Stored items from a collection

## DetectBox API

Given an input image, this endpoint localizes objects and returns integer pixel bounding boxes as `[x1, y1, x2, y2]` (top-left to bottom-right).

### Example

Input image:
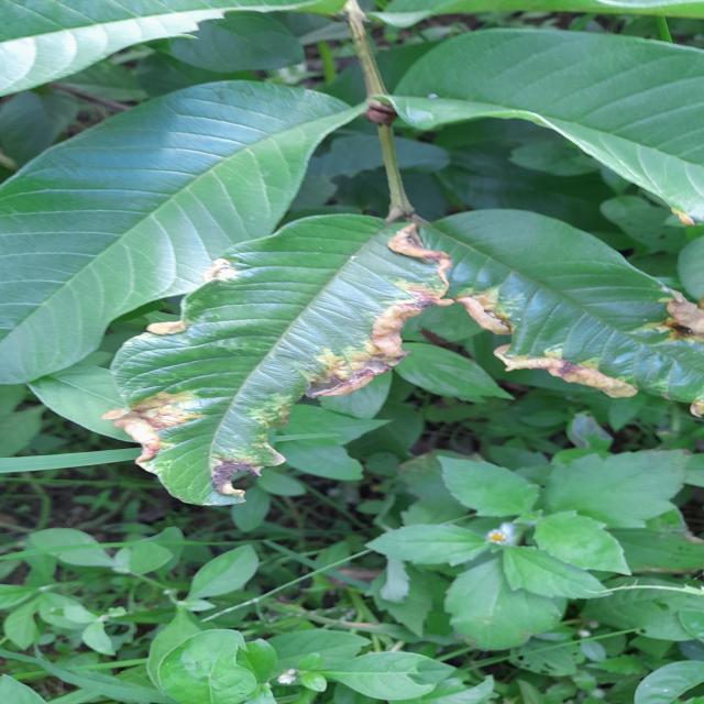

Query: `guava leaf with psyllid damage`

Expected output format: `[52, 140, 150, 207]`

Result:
[92, 198, 458, 515]
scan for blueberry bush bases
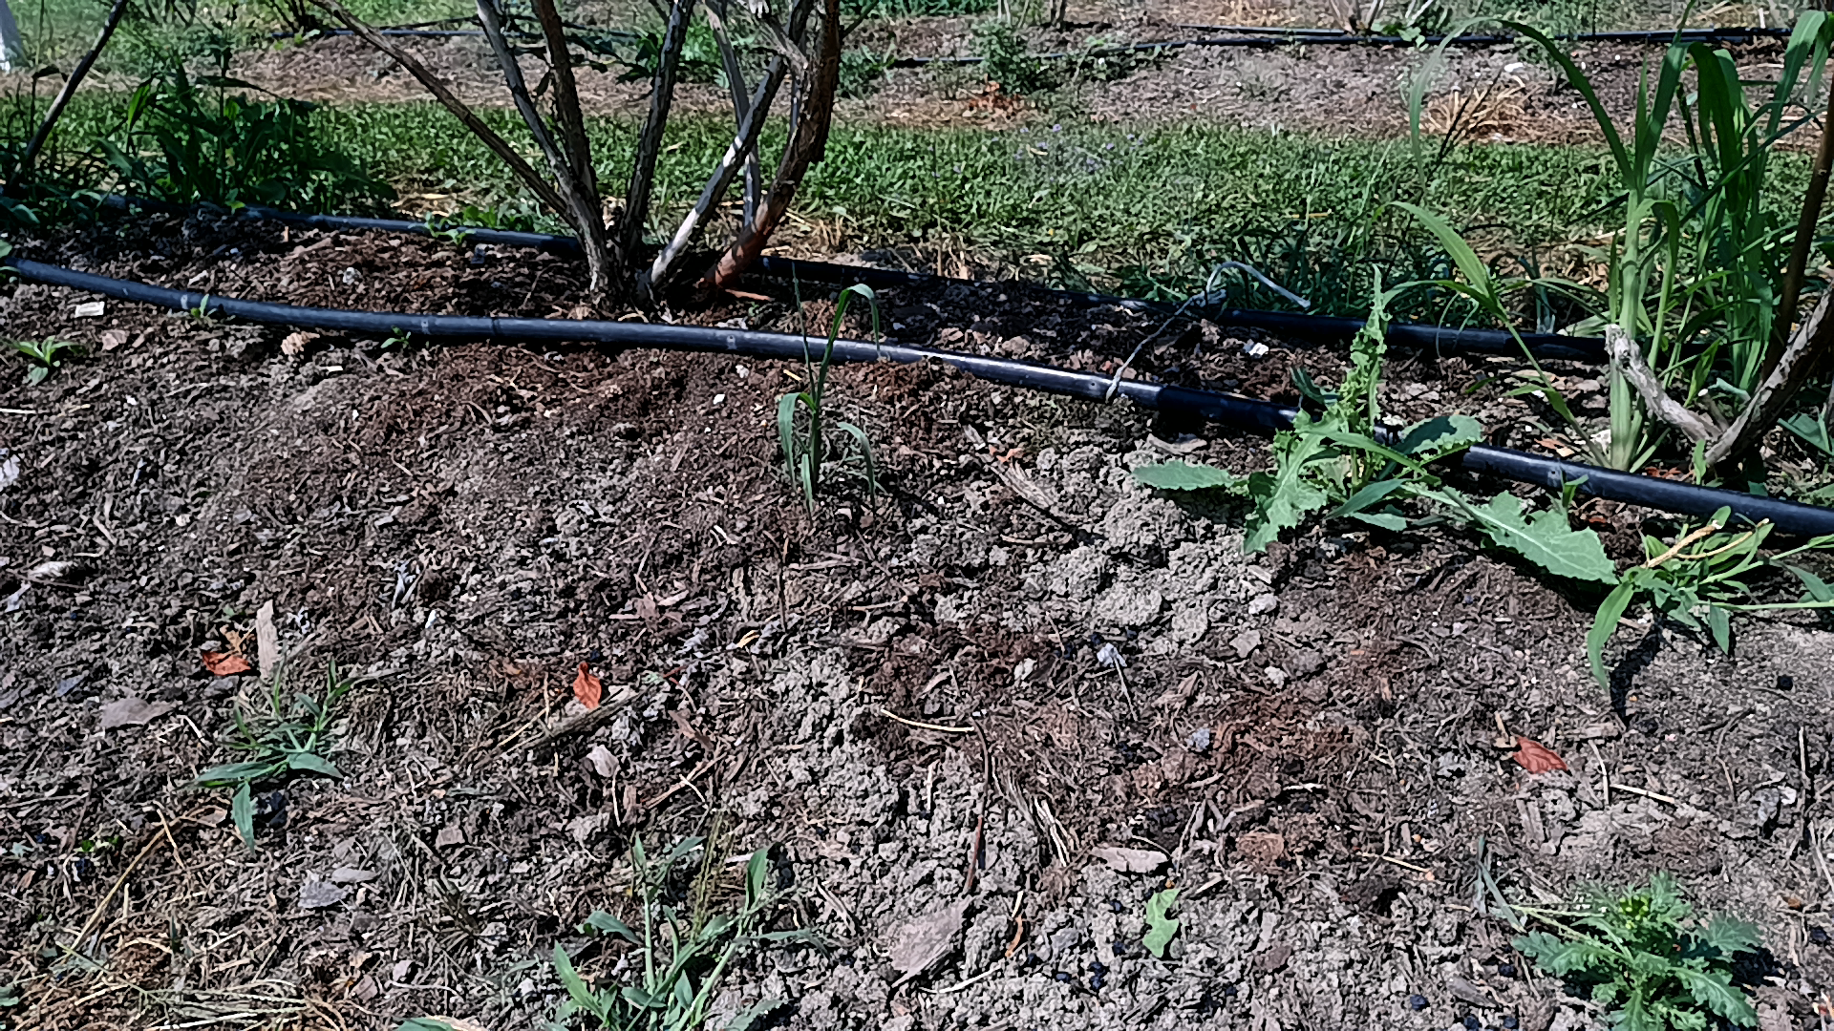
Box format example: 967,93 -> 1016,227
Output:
489,131 -> 842,368
1314,0 -> 1486,65
2,75 -> 96,261
1608,224 -> 1833,580
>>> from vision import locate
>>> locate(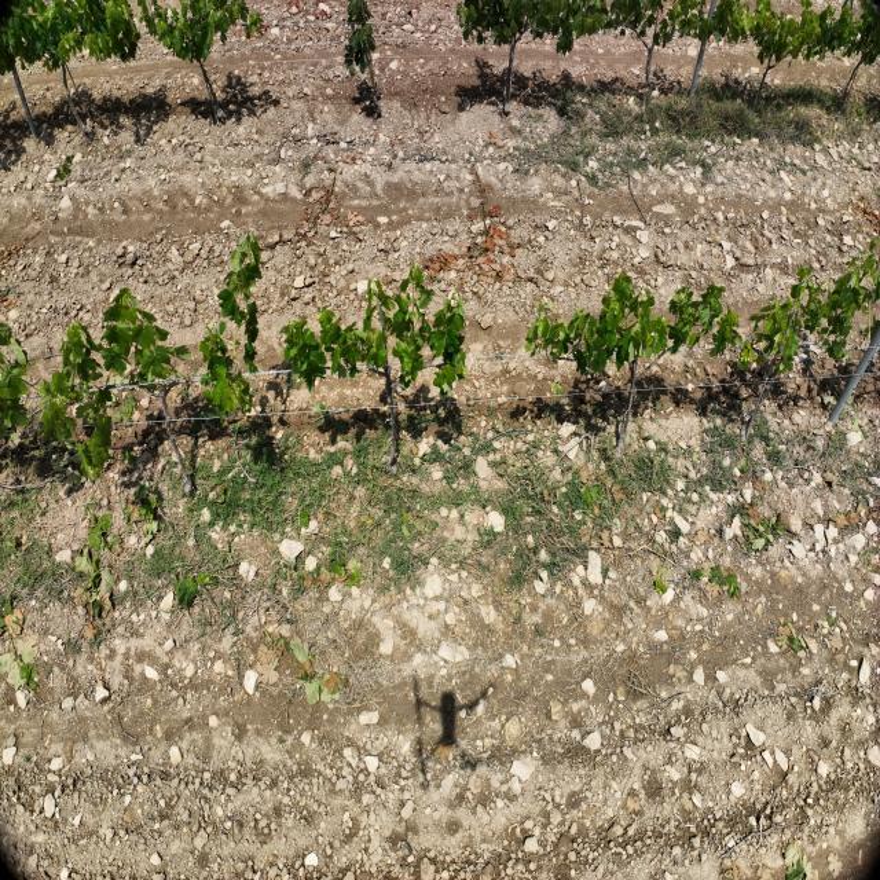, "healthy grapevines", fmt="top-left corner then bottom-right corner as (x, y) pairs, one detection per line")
(278, 256), (477, 481)
(517, 263), (726, 477)
(733, 247), (880, 443)
(34, 227), (269, 513)
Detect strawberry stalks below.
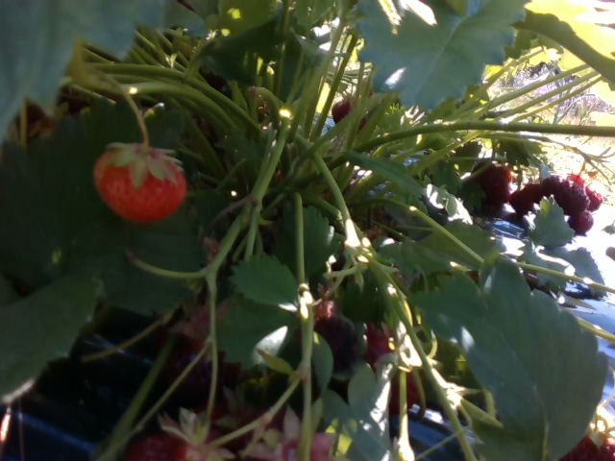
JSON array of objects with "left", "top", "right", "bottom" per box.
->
[
  {"left": 192, "top": 359, "right": 228, "bottom": 450},
  {"left": 578, "top": 155, "right": 592, "bottom": 185},
  {"left": 128, "top": 84, "right": 158, "bottom": 178},
  {"left": 292, "top": 387, "right": 316, "bottom": 461},
  {"left": 347, "top": 76, "right": 357, "bottom": 111}
]
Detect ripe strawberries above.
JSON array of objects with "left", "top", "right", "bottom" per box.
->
[
  {"left": 132, "top": 421, "right": 224, "bottom": 461},
  {"left": 467, "top": 162, "right": 518, "bottom": 206},
  {"left": 97, "top": 139, "right": 183, "bottom": 218},
  {"left": 559, "top": 182, "right": 596, "bottom": 215},
  {"left": 330, "top": 91, "right": 376, "bottom": 135},
  {"left": 563, "top": 419, "right": 615, "bottom": 461}
]
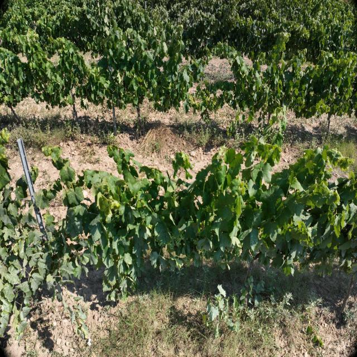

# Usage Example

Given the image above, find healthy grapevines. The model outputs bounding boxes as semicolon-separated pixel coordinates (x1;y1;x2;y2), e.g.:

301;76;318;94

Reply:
37;146;209;313
204;128;357;291

YOUR TASK: For the entries above, print exactly the lines between the one with "leaf with psyllid" and the one with "vision import locate", inclusive, with no pictures.

SOLUTION TO THIS EXERCISE:
Query: `guava leaf with psyllid damage`

Expected output format: `[52, 140, 150, 207]`

Result:
[92, 198, 458, 515]
scan for blueberry bush bases
Box format example: 967,93 -> 1016,227
Output:
489,131 -> 842,368
1314,0 -> 1486,65
2,75 -> 96,261
1608,224 -> 1833,580
>>> from vision import locate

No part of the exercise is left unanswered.